(Collection entries)
:::

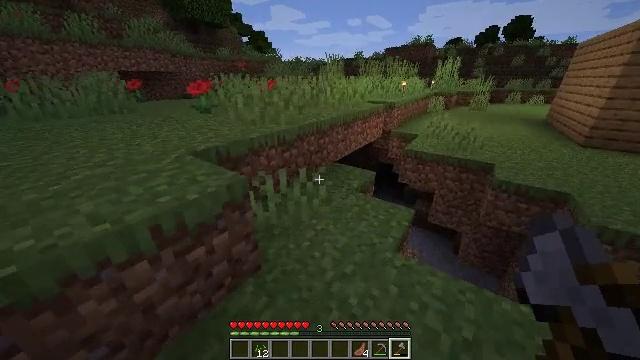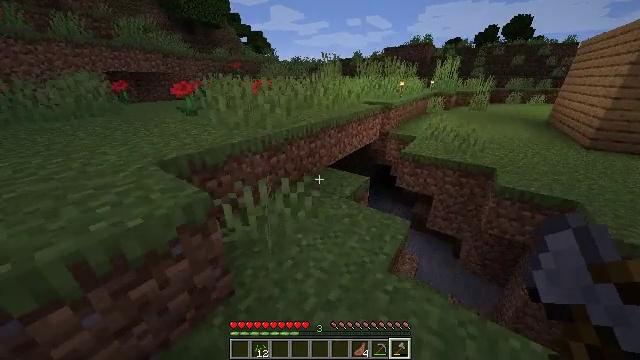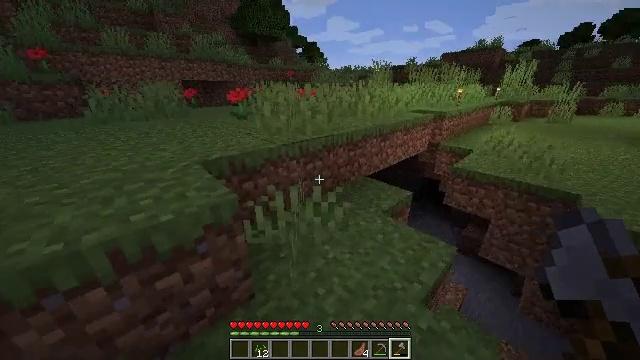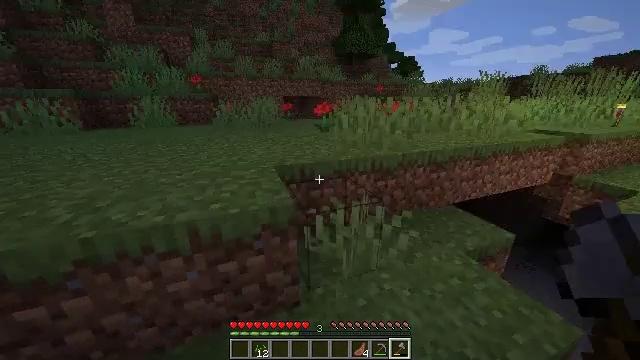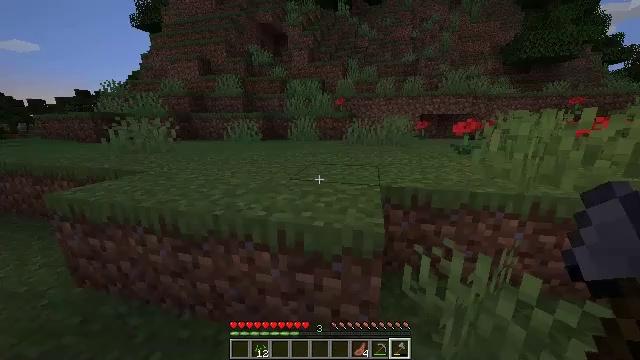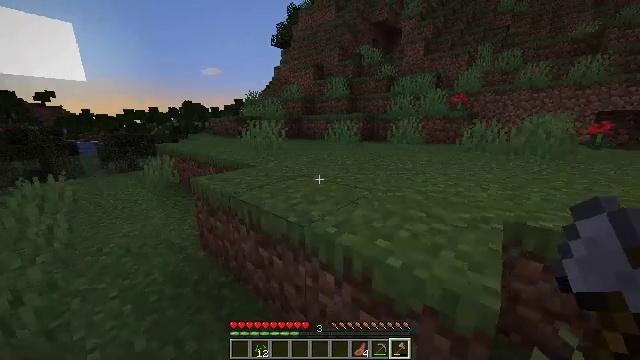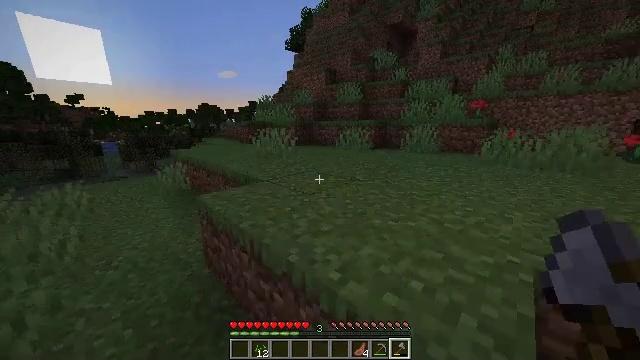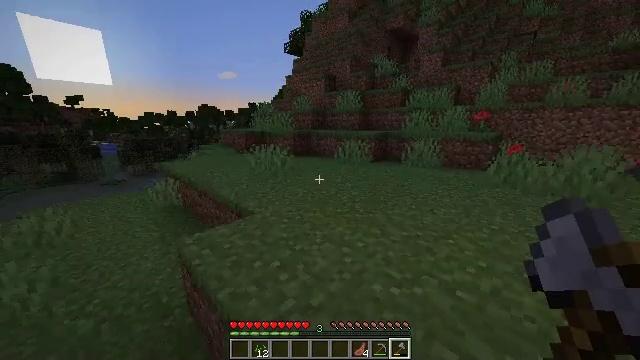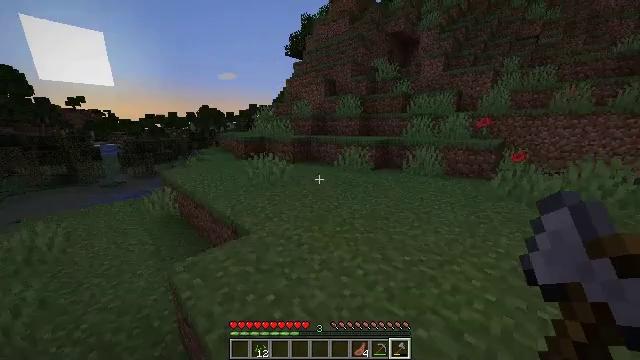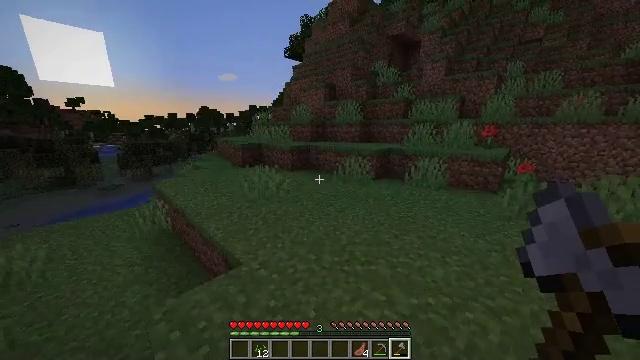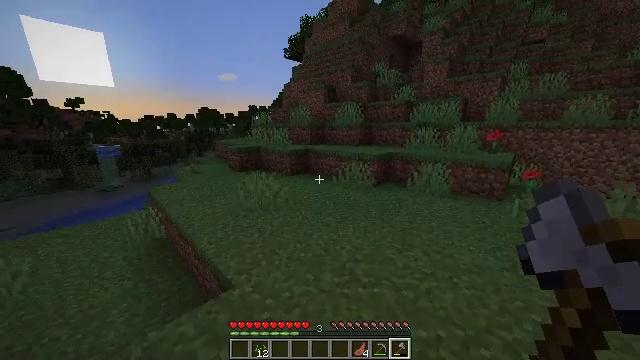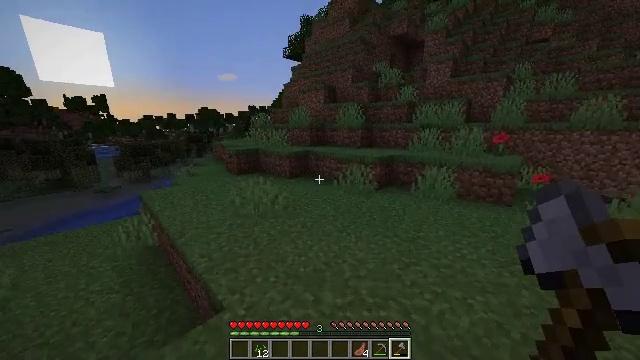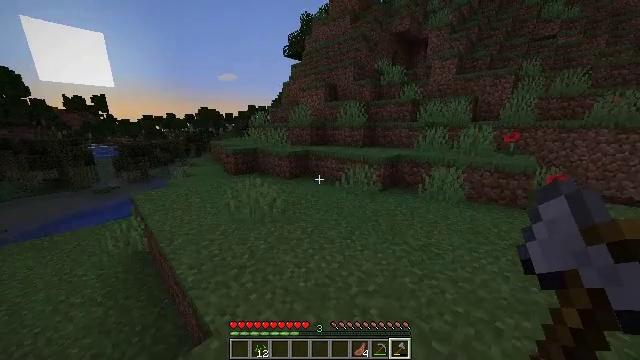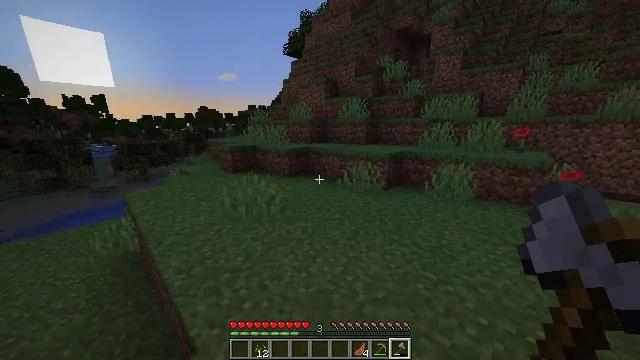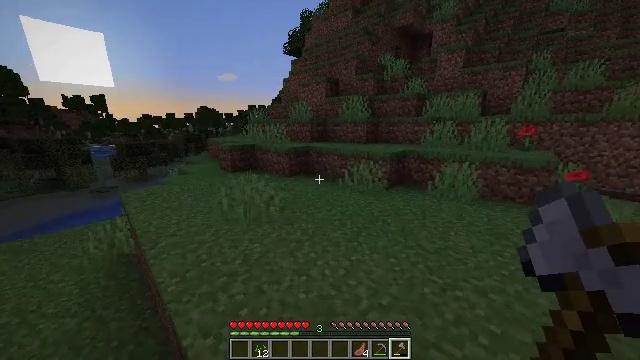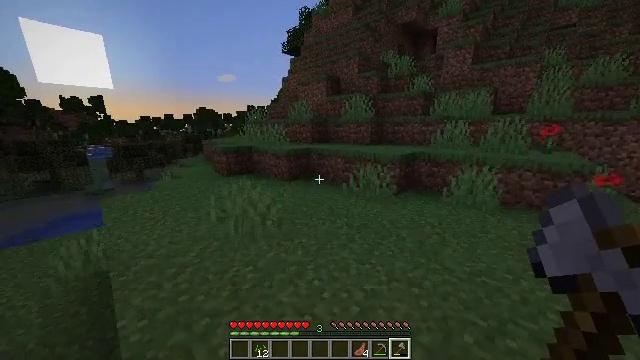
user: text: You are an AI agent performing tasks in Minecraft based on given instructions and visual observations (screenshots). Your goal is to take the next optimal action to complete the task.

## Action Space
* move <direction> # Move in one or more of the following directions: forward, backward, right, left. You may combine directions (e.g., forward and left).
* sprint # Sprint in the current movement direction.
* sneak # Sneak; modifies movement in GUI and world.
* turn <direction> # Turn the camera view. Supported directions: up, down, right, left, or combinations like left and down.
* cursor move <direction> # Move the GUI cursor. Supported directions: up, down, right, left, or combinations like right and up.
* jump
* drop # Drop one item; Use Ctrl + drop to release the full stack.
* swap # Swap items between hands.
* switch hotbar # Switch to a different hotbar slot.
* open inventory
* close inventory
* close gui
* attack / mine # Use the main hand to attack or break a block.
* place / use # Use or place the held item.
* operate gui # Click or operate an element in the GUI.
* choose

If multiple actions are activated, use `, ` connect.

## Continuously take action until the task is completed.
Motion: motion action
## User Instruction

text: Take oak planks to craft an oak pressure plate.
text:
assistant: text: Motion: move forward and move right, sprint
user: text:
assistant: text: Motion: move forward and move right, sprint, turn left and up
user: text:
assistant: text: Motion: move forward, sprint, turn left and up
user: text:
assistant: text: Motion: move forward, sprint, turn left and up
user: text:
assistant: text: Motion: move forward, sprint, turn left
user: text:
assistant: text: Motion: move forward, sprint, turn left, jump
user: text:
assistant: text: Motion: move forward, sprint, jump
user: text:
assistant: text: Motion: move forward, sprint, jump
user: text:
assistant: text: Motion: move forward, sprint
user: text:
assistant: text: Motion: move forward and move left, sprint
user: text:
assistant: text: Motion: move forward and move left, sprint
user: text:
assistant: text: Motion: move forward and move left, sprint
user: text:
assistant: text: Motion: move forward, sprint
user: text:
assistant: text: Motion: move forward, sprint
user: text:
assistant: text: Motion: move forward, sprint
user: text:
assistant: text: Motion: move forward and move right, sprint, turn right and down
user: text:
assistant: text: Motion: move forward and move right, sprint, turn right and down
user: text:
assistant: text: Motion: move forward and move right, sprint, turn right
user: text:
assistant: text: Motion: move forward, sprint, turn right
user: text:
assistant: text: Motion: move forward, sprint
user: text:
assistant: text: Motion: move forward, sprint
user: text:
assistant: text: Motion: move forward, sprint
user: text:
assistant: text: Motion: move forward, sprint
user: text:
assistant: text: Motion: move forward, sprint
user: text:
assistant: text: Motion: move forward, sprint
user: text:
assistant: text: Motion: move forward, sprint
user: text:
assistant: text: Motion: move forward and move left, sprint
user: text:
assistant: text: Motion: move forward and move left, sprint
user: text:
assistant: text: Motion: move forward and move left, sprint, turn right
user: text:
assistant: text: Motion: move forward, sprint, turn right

:::

▶ Task
The reply must match the records exactly, apart from the pictures, which are left out.

▶ Exercise response
user: text: You are an AI agent performing tasks in Minecraft based on given instructions and visual observations (screenshots). Your goal is to take the next optimal action to complete the task.

## Action Space
* move <direction> # Move in one or more of the following directions: forward, backward, right, left. You may combine directions (e.g., forward and left).
* sprint # Sprint in the current movement direction.
* sneak # Sneak; modifies movement in GUI and world.
* turn <direction> # Turn the camera view. Supported directions: up, down, right, left, or combinations like left and down.
* cursor move <direction> # Move the GUI cursor. Supported directions: up, down, right, left, or combinations like right and up.
* jump
* drop # Drop one item; Use Ctrl + drop to release the full stack.
* swap # Swap items between hands.
* switch hotbar # Switch to a different hotbar slot.
* open inventory
* close inventory
* close gui
* attack / mine # Use the main hand to attack or break a block.
* place / use # Use or place the held item.
* operate gui # Click or operate an element in the GUI.
* choose

If multiple actions are activated, use `, ` connect.

## Continuously take action until the task is completed.
Motion: motion action
## User Instruction

text: Take oak planks to craft an oak pressure plate.
text:
assistant: text: Motion: move forward and move right, sprint
user: text:
assistant: text: Motion: move forward and move right, sprint, turn left and up
user: text:
assistant: text: Motion: move forward, sprint, turn left and up
user: text:
assistant: text: Motion: move forward, sprint, turn left and up
user: text:
assistant: text: Motion: move forward, sprint, turn left
user: text:
assistant: text: Motion: move forward, sprint, turn left, jump
user: text:
assistant: text: Motion: move forward, sprint, jump
user: text:
assistant: text: Motion: move forward, sprint, jump
user: text:
assistant: text: Motion: move forward, sprint
user: text:
assistant: text: Motion: move forward and move left, sprint
user: text:
assistant: text: Motion: move forward and move left, sprint
user: text:
assistant: text: Motion: move forward and move left, sprint
user: text:
assistant: text: Motion: move forward, sprint
user: text:
assistant: text: Motion: move forward, sprint
user: text:
assistant: text: Motion: move forward, sprint
user: text:
assistant: text: Motion: move forward and move right, sprint, turn right and down
user: text:
assistant: text: Motion: move forward and move right, sprint, turn right and down
user: text:
assistant: text: Motion: move forward and move right, sprint, turn right
user: text:
assistant: text: Motion: move forward, sprint, turn right
user: text:
assistant: text: Motion: move forward, sprint
user: text:
assistant: text: Motion: move forward, sprint
user: text:
assistant: text: Motion: move forward, sprint
user: text:
assistant: text: Motion: move forward, sprint
user: text:
assistant: text: Motion: move forward, sprint
user: text:
assistant: text: Motion: move forward, sprint
user: text:
assistant: text: Motion: move forward, sprint
user: text:
assistant: text: Motion: move forward and move left, sprint
user: text:
assistant: text: Motion: move forward and move left, sprint
user: text:
assistant: text: Motion: move forward and move left, sprint, turn right
user: text:
assistant: text: Motion: move forward, sprint, turn right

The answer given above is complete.